• [ENTRIES SHOWN]:
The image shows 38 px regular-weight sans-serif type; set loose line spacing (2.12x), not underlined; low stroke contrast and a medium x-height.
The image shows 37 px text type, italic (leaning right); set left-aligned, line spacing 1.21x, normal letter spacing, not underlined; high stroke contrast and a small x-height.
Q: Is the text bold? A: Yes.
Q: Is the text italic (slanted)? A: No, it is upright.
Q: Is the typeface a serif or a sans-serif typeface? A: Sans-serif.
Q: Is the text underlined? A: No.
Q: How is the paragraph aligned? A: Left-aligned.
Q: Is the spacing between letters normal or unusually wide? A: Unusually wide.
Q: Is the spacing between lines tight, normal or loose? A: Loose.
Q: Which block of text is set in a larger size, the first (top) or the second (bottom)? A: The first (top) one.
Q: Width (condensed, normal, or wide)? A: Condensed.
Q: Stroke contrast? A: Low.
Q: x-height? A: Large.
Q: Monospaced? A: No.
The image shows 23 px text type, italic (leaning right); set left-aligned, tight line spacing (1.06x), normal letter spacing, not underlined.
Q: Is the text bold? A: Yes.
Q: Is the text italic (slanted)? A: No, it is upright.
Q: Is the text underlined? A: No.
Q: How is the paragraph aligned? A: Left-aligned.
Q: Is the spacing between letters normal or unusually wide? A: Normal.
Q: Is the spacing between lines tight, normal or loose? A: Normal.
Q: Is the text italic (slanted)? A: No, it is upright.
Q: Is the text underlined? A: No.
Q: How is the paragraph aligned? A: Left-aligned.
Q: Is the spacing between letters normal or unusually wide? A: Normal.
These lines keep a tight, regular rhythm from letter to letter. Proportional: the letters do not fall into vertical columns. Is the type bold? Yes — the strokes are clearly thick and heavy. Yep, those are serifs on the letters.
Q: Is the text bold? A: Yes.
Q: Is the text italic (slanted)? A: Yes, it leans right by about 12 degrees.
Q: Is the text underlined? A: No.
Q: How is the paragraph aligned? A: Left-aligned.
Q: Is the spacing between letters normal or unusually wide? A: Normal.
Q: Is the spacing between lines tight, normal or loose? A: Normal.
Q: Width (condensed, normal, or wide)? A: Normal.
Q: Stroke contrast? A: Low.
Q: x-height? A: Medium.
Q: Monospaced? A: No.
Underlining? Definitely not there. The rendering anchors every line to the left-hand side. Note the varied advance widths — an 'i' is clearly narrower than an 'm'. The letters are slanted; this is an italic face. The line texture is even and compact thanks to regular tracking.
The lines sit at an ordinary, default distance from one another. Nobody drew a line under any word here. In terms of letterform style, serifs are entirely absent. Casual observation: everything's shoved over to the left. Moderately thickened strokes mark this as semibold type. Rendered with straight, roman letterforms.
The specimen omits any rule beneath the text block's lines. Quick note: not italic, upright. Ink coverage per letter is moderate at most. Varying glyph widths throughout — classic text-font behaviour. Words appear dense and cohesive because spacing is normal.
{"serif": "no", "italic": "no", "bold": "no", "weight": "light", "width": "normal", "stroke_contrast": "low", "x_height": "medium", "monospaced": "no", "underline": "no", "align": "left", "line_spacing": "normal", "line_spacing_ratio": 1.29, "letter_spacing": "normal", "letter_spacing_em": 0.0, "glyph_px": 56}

* * *

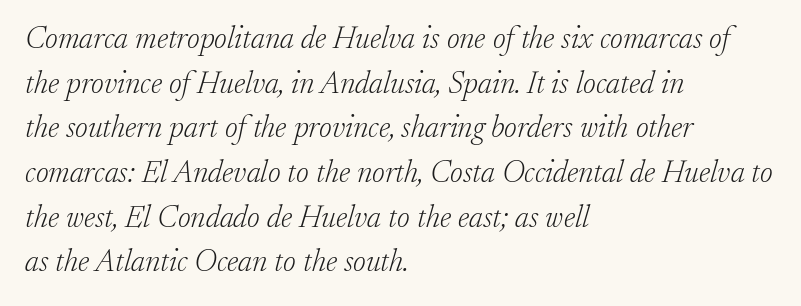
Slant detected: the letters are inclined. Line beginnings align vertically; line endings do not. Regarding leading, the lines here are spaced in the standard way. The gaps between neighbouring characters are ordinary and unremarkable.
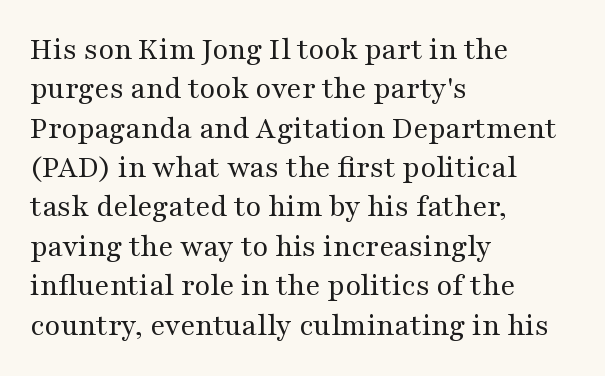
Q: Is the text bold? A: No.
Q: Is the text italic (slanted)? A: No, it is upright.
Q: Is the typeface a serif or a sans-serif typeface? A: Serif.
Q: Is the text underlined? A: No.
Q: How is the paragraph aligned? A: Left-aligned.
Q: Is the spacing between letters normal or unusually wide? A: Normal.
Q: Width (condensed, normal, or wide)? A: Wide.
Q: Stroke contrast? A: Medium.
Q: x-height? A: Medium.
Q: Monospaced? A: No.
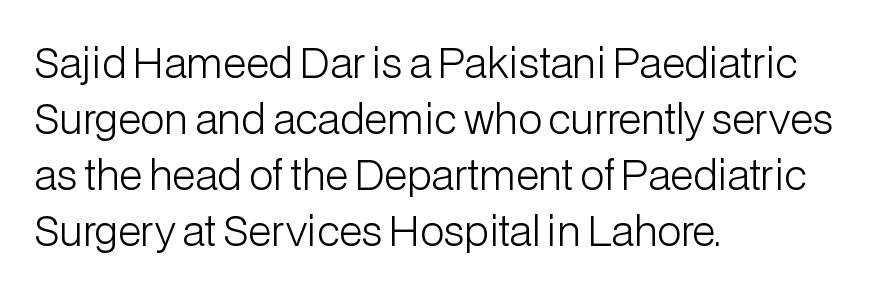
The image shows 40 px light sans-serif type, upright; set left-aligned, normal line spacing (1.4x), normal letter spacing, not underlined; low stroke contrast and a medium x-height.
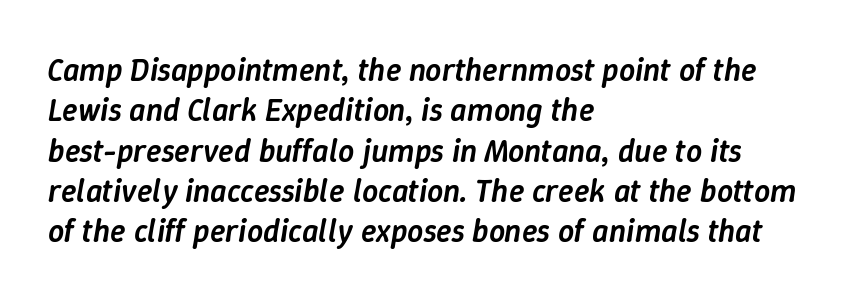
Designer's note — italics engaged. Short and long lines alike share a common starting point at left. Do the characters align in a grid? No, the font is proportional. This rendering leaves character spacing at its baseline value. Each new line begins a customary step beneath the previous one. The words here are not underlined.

• [PROBLEM DESCRIPTION]: List every line above containing the word "shows".

• [EXPECTED OUTPUT]:
The image shows 38 px regular-weight sans-serif type; set loose line spacing (2.12x), not underlined; low stroke contrast and a medium x-height.
The image shows 37 px text type, italic (leaning right); set left-aligned, line spacing 1.21x, normal letter spacing, not underlined; high stroke contrast and a small x-height.
The image shows 23 px text type, italic (leaning right); set left-aligned, tight line spacing (1.06x), normal letter spacing, not underlined.
The image shows 40 px light sans-serif type, upright; set left-aligned, normal line spacing (1.4x), normal letter spacing, not underlined; low stroke contrast and a medium x-height.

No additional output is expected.